I got a lot of different numbers that are higher than your 5.93%.... from your own Link! You cherry picked and left out quite a bit of relevant information to boost your position.

Why?


----------



## JeffreyD (Dec 27, 2006)

Wlover said:


> This conversation is about the future not the past. I will take that bet. Republicans and big business that is all that really needs to be said. The republicans want those deep pockets. Their holding pattern is really proof enough.


Liberals have lots of business friends with deep pockets and they love giving taxpayers money to them...just look at Obamas bailouts and who they went to! 
That's all that anyone needs to know!


----------



## Tricky Grama (Oct 7, 2006)

jwal10 said:


> I don't see that happening. Changes yes, throw it all out, no. It has gone too far now. Too many like some of what is going on right now. Even the Republicans see some good in it and are working towards fixing the things their people see as wrong.
> The people standing around and just yelling will get run over, always do. Everyone needs to work together to fix what is wrong, make it right. I don't want Goobermutt in it more but they were already in it, lets do the right thing and make health care affordable. Everything in this country is a compromise....James


Seems to me of the nearly 3K pgs, 2580 are useless as far as H.C. goes. So, toss it.
Folks like 26 y/o on their ins.? Allow them to negotiate w/their ins. plans. Pre-existing conditions? Deal w/that. Special pool? Subsidies for them?
I have no earthly idea how to get costs down b/c from where I sit, INSURANCE costs have gone thru the roof since '10.


----------



## Tricky Grama (Oct 7, 2006)

jwal10 said:


> It was the selfish citizens and more so noncitizens not paying but using the emergency care system, that was making the costs of "health care" go up so fast. That was the major problem.
> 
> 1. Preventative care and how to get people to do that instead of using emergency care. This is working on that, just not making them responsible for it. I see that as the big problem. That needed to be
> the focus. Make that affordable, for everyone, and make each pay for that, as a start.
> ...


HMOs have proven that your #1 is not true. It's very expensive. 

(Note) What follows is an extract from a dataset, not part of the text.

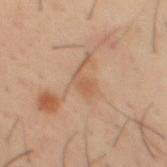Impression:
The lesion was photographed on a routine skin check and not biopsied; there is no pathology result.
Background:
A 15 mm close-up extracted from a 3D total-body photography capture. Captured under cross-polarized illumination. A male patient in their 40s. The lesion's longest dimension is about 3 mm. The lesion is on the mid back.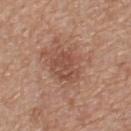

I agree w/ER usage. Where did this come from in just a few decades? I'd no more take my child to the ER w/cold/flu/fever than I'd fly w/arms to my sides.
Maybe there needs to be more of a triage are in ER to tell people to go home & take an aspirin.
ERs are for EMERGENCIES!

Never will there be HC for all. ALL do not want it. Gov't has to realize they're not in place to fix everything. 

DH & I have been w/o ins off & on in our lives OUR CHOICE! If we didn't have it thru an employer we took our chances. When we COULD afford to pay we did. At one time DH needed lithotripsy- for a lodged kidney stone. I had just retired, not medicare age, he had ins thru work but not roe per-existing. We checked into paying cash. Nearly 1/2 the price charged w/ins. Thankfully he passed the stone & we kept our $11,400.

When it comes to ins. you could say I'm defintely pro-choice.


----------



## Tricky Grama (Oct 7, 2006)

jwal10 said:


>


Post of the decade award.


----------



## kasilofhome (Feb 10, 2005)

Jwal
No one HAS to pay the penalty or tax. Why, because of how it was written and regulated.

Please search out 

OMB No. 0938-1190

Structure your utility payment and you are legally exempt.

Now, cash pay for what you want in care. Self paying us cheaper. Put money aside vs paying for a disaster you do not want to happen but you lose money if it doesn't.

Yep, it is a risk but life is risky. Learn how to take charge of your health. Attack health issues right away. Clean wounds better, uses safety items.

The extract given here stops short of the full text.